My sister got mad at me many times, but sometime in the last year of her life she said that I’d “twisted her words”. I don’t know if it was on email or on the phone, but I felt hurt. I do take people’s words seriously, I do look them over carefully, I do ask questions about what they say. The memory training as a small child, to memorize all the verses of songs, means that I have an excellent word memory. Combine that with the medical training, where you have to present an entire patient history from memory: chief complaint, history of present illness, past medical history, social history, medications, family history, physical exam, labs, xrays, specialist opinions, assessment and plan. One boyfriend complained that I would remember what he said and ask questions a week later.
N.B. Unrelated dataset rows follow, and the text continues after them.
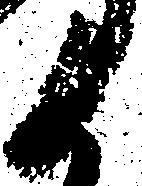
候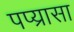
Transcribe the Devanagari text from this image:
पप्य्रासा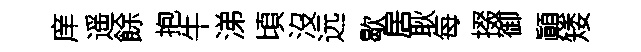
庠遥餘抱牛涕頃沒远歇居耿每掇御顚矮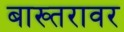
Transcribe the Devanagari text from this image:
बाख्तरावर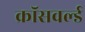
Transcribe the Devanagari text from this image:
क्रॉसवर्ल्ड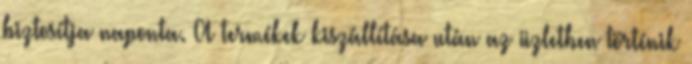
biztosítja naponta. A termékek kiszállítása után az üzletben történik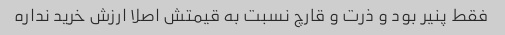
فقط پنیر بود و ذرت و قارچ نسبت به قیمتش اصلا ارزش خرید نداره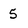
Character: 5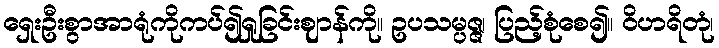
ရှေးဦးစွာအာရုံကိုကပ်၍ရှုခြင်းဈာန်ကို။ ဥပသမ္ပဇ္ဇ၊ ပြည့်စုံစေ၍။ ဝိဟရိတုံ၊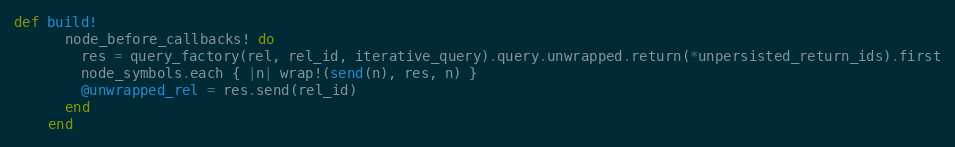
Language: Ruby
def build!
      node_before_callbacks! do
        res = query_factory(rel, rel_id, iterative_query).query.unwrapped.return(*unpersisted_return_ids).first
        node_symbols.each { |n| wrap!(send(n), res, n) }
        @unwrapped_rel = res.send(rel_id)
      end
    end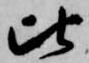
比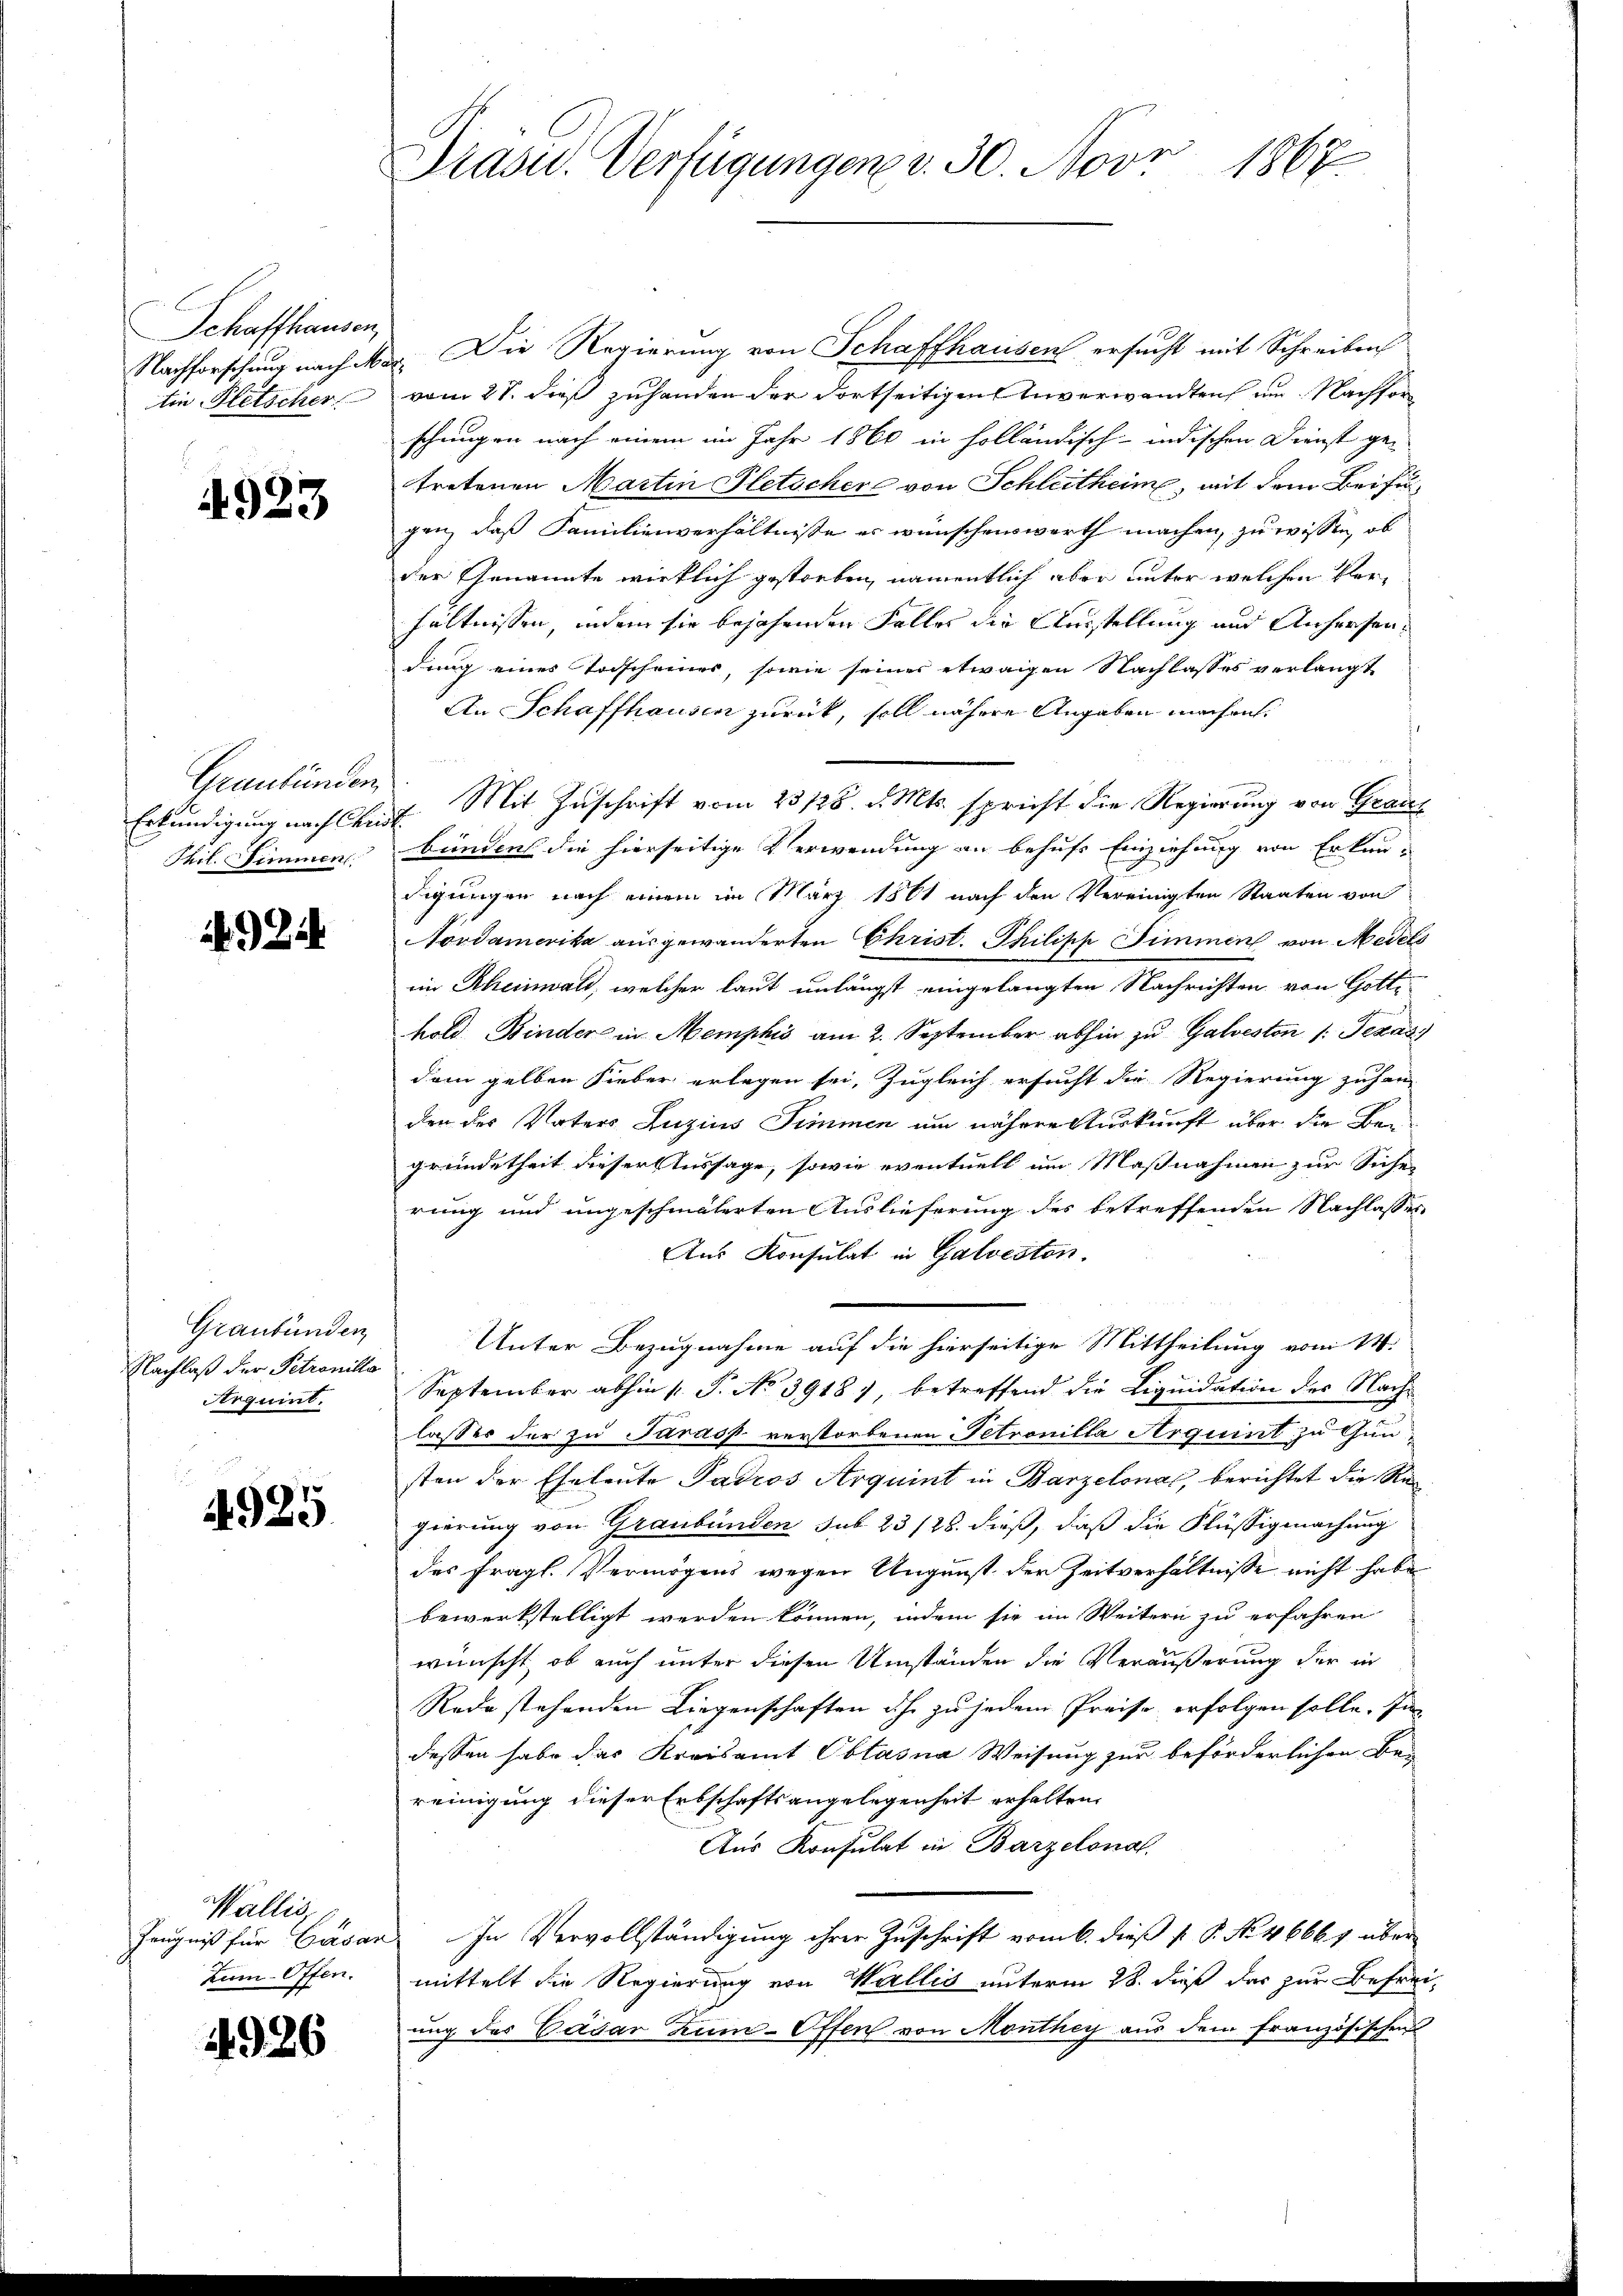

He’d say, “I don’t remember what I said.” But I remembered and had thought about it. It’s hard to discuss if only one of us remembers….
After my sister died, her husband got mad at me and was yelling at me on the phone about my niece. I said I would talk to my niece’s father. My brother in law continued to yell and said that I “twisted his words.” Oh.
Later an old family friend, who has known me since birth and was a huge and kind support to my sister, practically a second parent, got mad at me. He said that I “twisted his words.” I felt grim.
Then my cousin disagreed with me. We were disagreeing by email. She cut me off, saying that I “twisted her words”.
No one not intimately connected with my sister has ever said that I twist words.
So this has been hurting and now my sufi reading led me to go close to the place that hurts. Say yes.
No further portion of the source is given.